→ **Action item**
Each record below has to be printed verbatim.

→ **Data for processing**

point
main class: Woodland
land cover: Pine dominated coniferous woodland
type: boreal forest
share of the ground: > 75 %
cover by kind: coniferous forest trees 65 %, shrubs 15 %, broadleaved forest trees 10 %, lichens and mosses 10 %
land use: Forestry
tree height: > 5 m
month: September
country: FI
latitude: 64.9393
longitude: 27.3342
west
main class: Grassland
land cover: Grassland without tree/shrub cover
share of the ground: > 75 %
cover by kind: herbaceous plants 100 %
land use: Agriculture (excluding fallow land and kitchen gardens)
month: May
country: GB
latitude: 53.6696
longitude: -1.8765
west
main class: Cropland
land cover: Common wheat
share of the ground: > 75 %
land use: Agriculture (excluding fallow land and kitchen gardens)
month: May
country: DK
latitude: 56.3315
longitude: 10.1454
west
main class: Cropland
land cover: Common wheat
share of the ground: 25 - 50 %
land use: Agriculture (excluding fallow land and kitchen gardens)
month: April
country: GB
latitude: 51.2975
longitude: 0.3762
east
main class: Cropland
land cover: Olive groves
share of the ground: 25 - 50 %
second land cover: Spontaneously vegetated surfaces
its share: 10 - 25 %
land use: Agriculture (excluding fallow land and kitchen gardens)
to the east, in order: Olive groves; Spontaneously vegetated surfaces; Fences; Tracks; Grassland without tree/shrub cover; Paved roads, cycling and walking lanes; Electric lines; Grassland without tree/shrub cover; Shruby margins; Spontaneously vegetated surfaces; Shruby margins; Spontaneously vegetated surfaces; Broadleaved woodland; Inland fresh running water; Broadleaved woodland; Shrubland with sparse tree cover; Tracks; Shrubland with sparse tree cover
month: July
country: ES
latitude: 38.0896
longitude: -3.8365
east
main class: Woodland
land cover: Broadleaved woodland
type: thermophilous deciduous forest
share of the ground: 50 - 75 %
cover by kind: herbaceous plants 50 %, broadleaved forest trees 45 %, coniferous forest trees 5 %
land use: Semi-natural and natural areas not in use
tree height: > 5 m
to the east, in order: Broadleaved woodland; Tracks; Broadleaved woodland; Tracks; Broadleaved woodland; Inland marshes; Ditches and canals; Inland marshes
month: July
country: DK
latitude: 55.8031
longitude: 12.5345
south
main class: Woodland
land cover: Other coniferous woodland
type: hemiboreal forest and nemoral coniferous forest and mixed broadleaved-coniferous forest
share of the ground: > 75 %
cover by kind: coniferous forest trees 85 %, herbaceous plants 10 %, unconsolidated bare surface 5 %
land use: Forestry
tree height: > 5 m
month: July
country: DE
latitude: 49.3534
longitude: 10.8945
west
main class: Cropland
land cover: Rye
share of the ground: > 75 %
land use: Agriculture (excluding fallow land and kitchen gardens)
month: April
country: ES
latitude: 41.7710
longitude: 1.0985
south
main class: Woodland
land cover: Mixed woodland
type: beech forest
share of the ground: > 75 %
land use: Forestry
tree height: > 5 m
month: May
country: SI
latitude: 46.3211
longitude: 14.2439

→ **Response area**
point
main class: Woodland
land cover: Pine dominated coniferous woodland
type: boreal forest
share of the ground: > 75 %
cover by kind: coniferous forest trees 65 %, shrubs 15 %, broadleaved forest trees 10 %, lichens and mosses 10 %
land use: Forestry
tree height: > 5 m
month: September
country: FI
latitude: 64.9393
longitude: 27.3342
west
main class: Grassland
land cover: Grassland without tree/shrub cover
share of the ground: > 75 %
cover by kind: herbaceous plants 100 %
land use: Agriculture (excluding fallow land and kitchen gardens)
month: May
country: GB
latitude: 53.6696
longitude: -1.8765
west
main class: Cropland
land cover: Common wheat
share of the ground: > 75 %
land use: Agriculture (excluding fallow land and kitchen gardens)
month: May
country: DK
latitude: 56.3315
longitude: 10.1454
west
main class: Cropland
land cover: Common wheat
share of the ground: 25 - 50 %
land use: Agriculture (excluding fallow land and kitchen gardens)
month: April
country: GB
latitude: 51.2975
longitude: 0.3762
east
main class: Cropland
land cover: Olive groves
share of the ground: 25 - 50 %
second land cover: Spontaneously vegetated surfaces
its share: 10 - 25 %
land use: Agriculture (excluding fallow land and kitchen gardens)
to the east, in order: Olive groves; Spontaneously vegetated surfaces; Fences; Tracks; Grassland without tree/shrub cover; Paved roads, cycling and walking lanes; Electric lines; Grassland without tree/shrub cover; Shruby margins; Spontaneously vegetated surfaces; Shruby margins; Spontaneously vegetated surfaces; Broadleaved woodland; Inland fresh running water; Broadleaved woodland; Shrubland with sparse tree cover; Tracks; Shrubland with sparse tree cover
month: July
country: ES
latitude: 38.0896
longitude: -3.8365
east
main class: Woodland
land cover: Broadleaved woodland
type: thermophilous deciduous forest
share of the ground: 50 - 75 %
cover by kind: herbaceous plants 50 %, broadleaved forest trees 45 %, coniferous forest trees 5 %
land use: Semi-natural and natural areas not in use
tree height: > 5 m
to the east, in order: Broadleaved woodland; Tracks; Broadleaved woodland; Tracks; Broadleaved woodland; Inland marshes; Ditches and canals; Inland marshes
month: July
country: DK
latitude: 55.8031
longitude: 12.5345
south
main class: Woodland
land cover: Other coniferous woodland
type: hemiboreal forest and nemoral coniferous forest and mixed broadleaved-coniferous forest
share of the ground: > 75 %
cover by kind: coniferous forest trees 85 %, herbaceous plants 10 %, unconsolidated bare surface 5 %
land use: Forestry
tree height: > 5 m
month: July
country: DE
latitude: 49.3534
longitude: 10.8945
west
main class: Cropland
land cover: Rye
share of the ground: > 75 %
land use: Agriculture (excluding fallow land and kitchen gardens)
month: April
country: ES
latitude: 41.7710
longitude: 1.0985
south
main class: Woodland
land cover: Mixed woodland
type: beech forest
share of the ground: > 75 %
land use: Forestry
tree height: > 5 m
month: May
country: SI
latitude: 46.3211
longitude: 14.2439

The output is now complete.